Abstract Telemonitoring is the use of electronic devices including smartphones to remotely monitor patients. Using predictive models, telemonitoring data can be translated into a clinical indicator of disease severity, thus allowing physicians to assess patient conditions more frequently and adjust treatment. This greatly complements conventional in-clinic medical examination that requires patients’ physical presence in a specialized clinic, which is logistically inconvenient, costly, and far less frequent. The challenge, however, is the need for a patient-specific predictive model to address patient heterogeneity. Training a patient-specific model suffers from small sample sizes. This can be potentially tackled by multi-task learning (MTL), which builds models for multiple related tasks (e.g., patients with the same disease) jointly to allow the models to borrow strength from each other.

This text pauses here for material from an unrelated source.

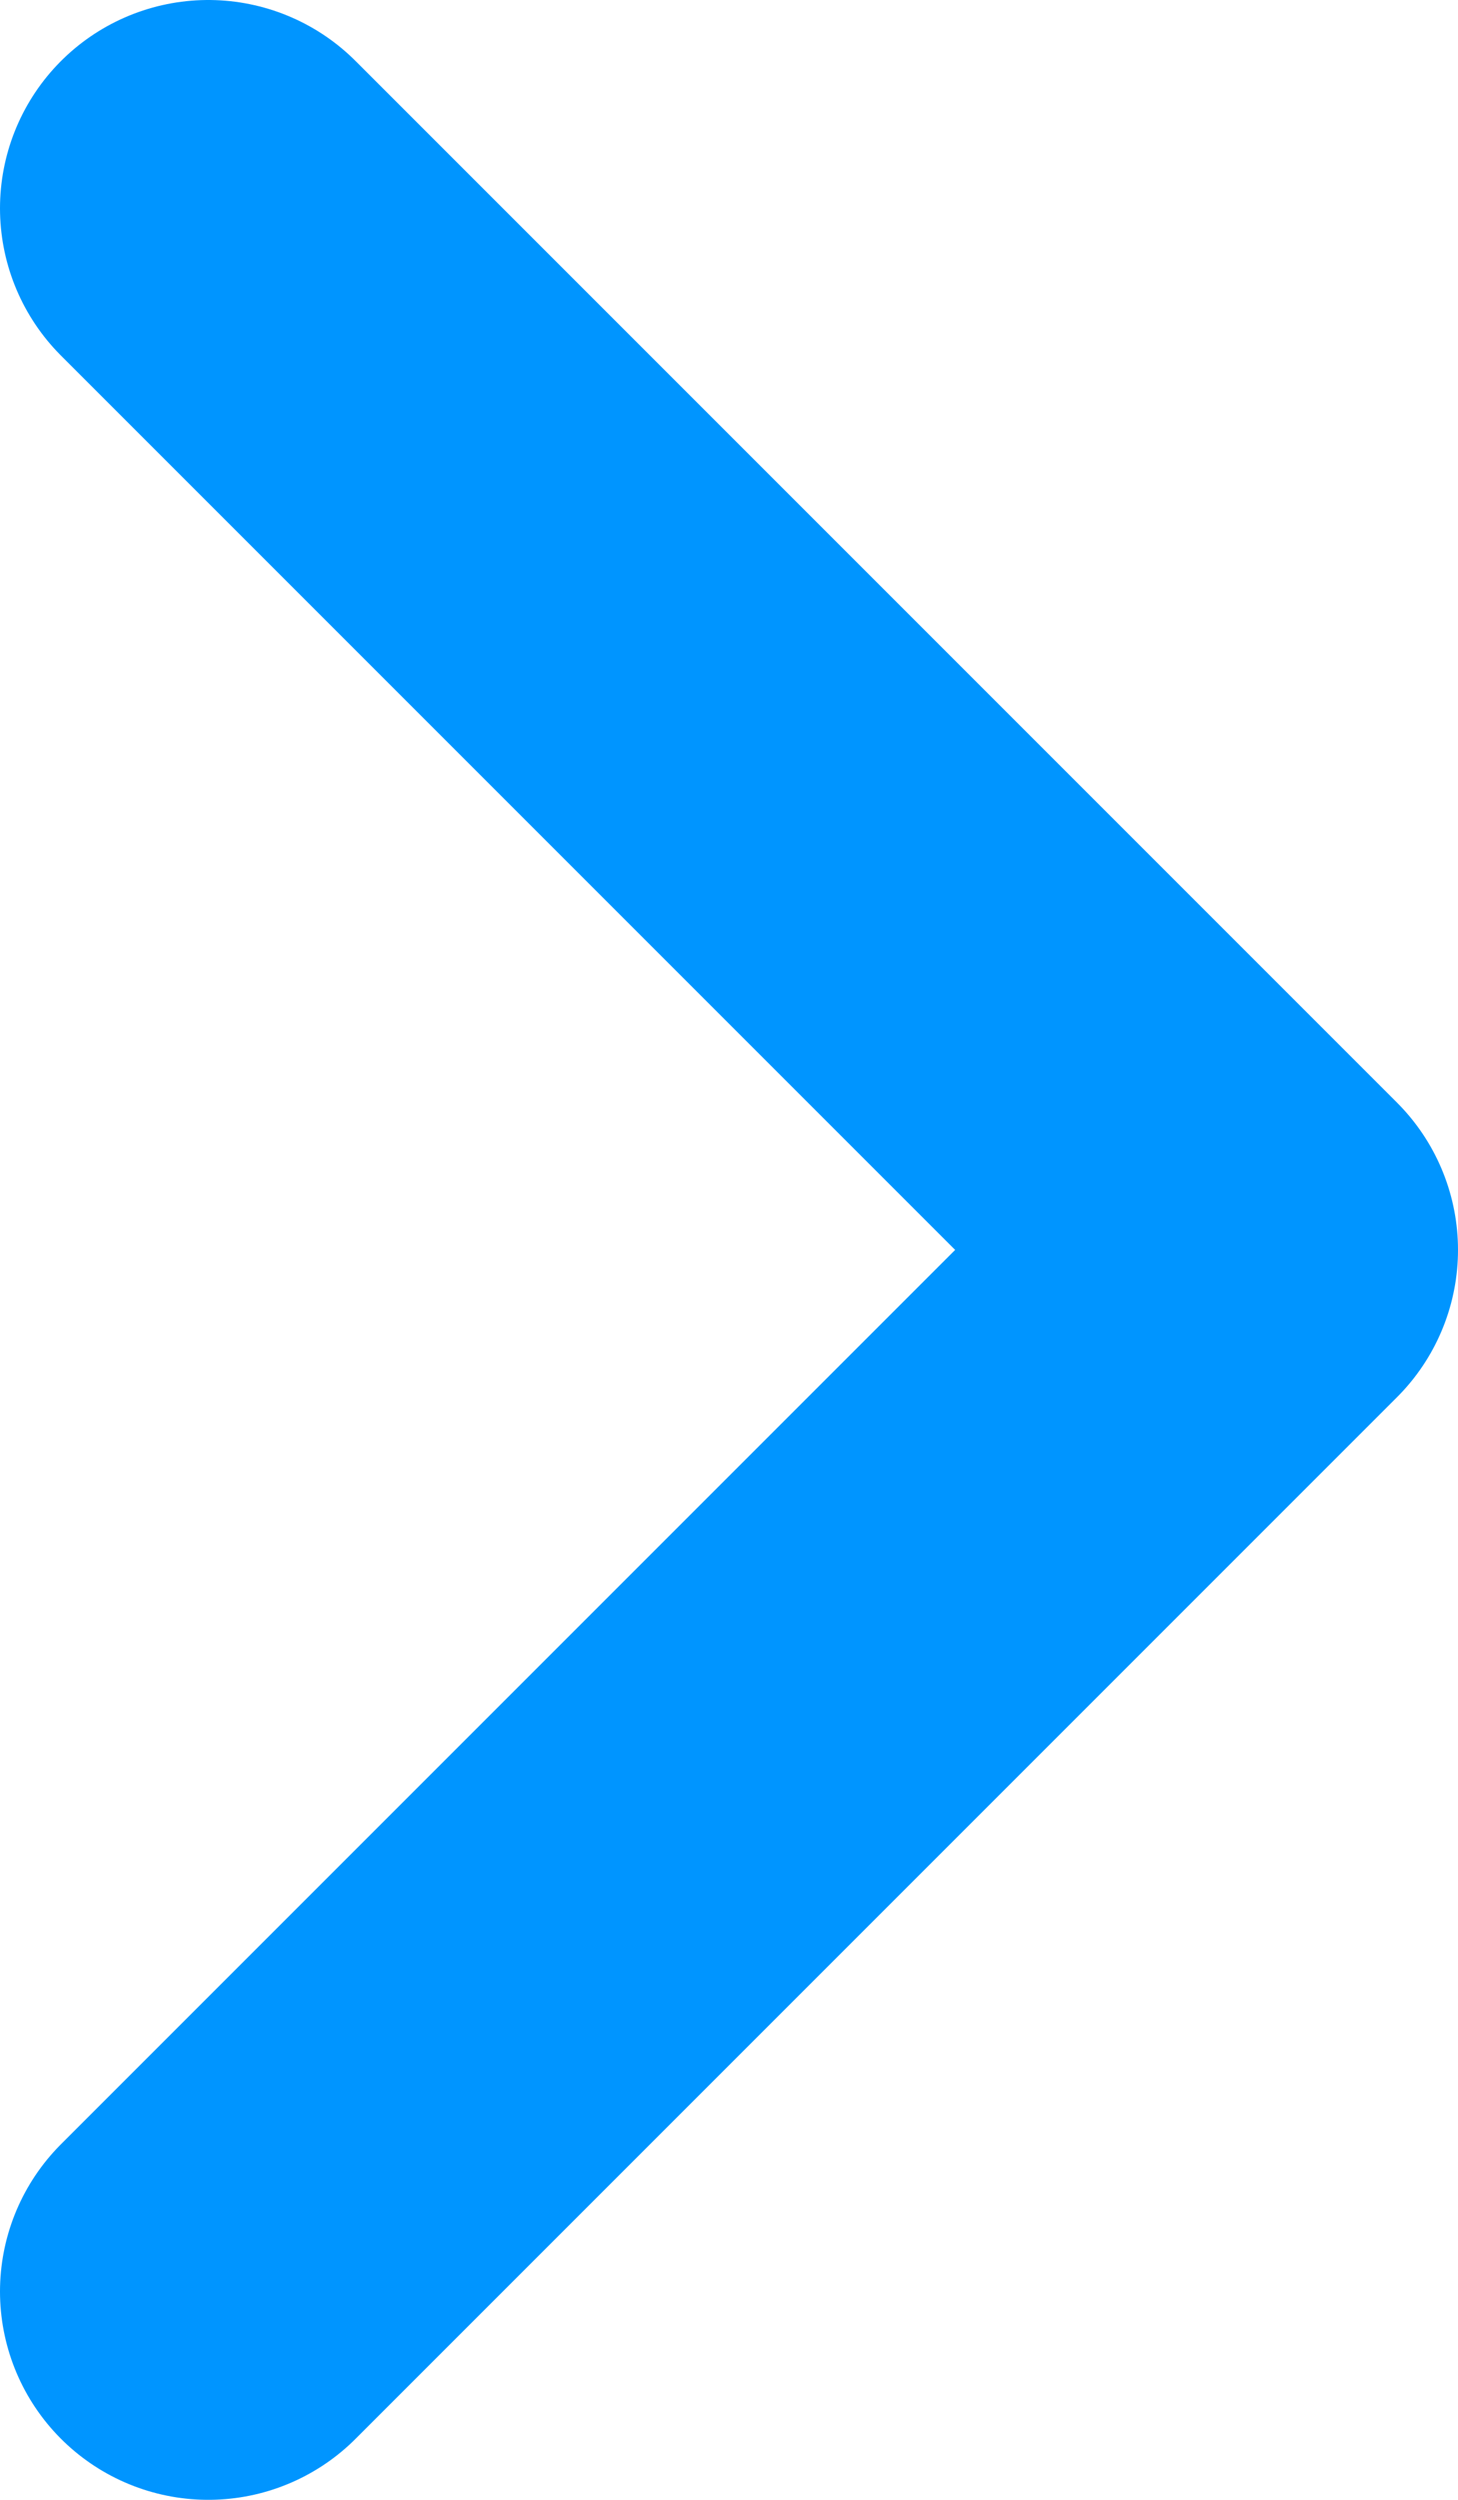 <svg width="7" height="12" viewBox="0 0 7 12" fill="none" xmlns="http://www.w3.org/2000/svg">
<path d="M1 11L6 6L1 1" stroke="#0095FF" stroke-width="2" stroke-linecap="round" stroke-linejoin="round"/>
</svg>

Existing MTL models do not suffice because they typically assume sample independence, but the samples in a telemonitoring application correspond to repeated measurements over time for the same patient that have an inherent correlation. This special data characteristic requires a linear mixed model (LMM), which has not been integrated with MTL in the existing literature. We propose a new Multi -task L inear M ixed M odel (MultiLMM) model that integrates MTL and LMM in a single framework. Our methodological contributions include a mathematical formulation for MultiLMM, an efficient and converging algorithm for parameter estimation, and a theoretical analysis to reveal the reason why MultiLMM outperforms LMM by integrating the multi-task learning capability. Our simulation studies demonstrate better performance of MultiLMM than LMM under various scenarios. Finally, we present an application of using MultiLMM to predict the Unified Parkinson Disease Rating Scale (UPDRS), a clinical instrument for measuring PD severity, based on tapping signals collected by the mPower app installed on patients’ smartphones. MultiLMM shows higher prediction accuracy than a collection of competing approaches under different training sample sizes.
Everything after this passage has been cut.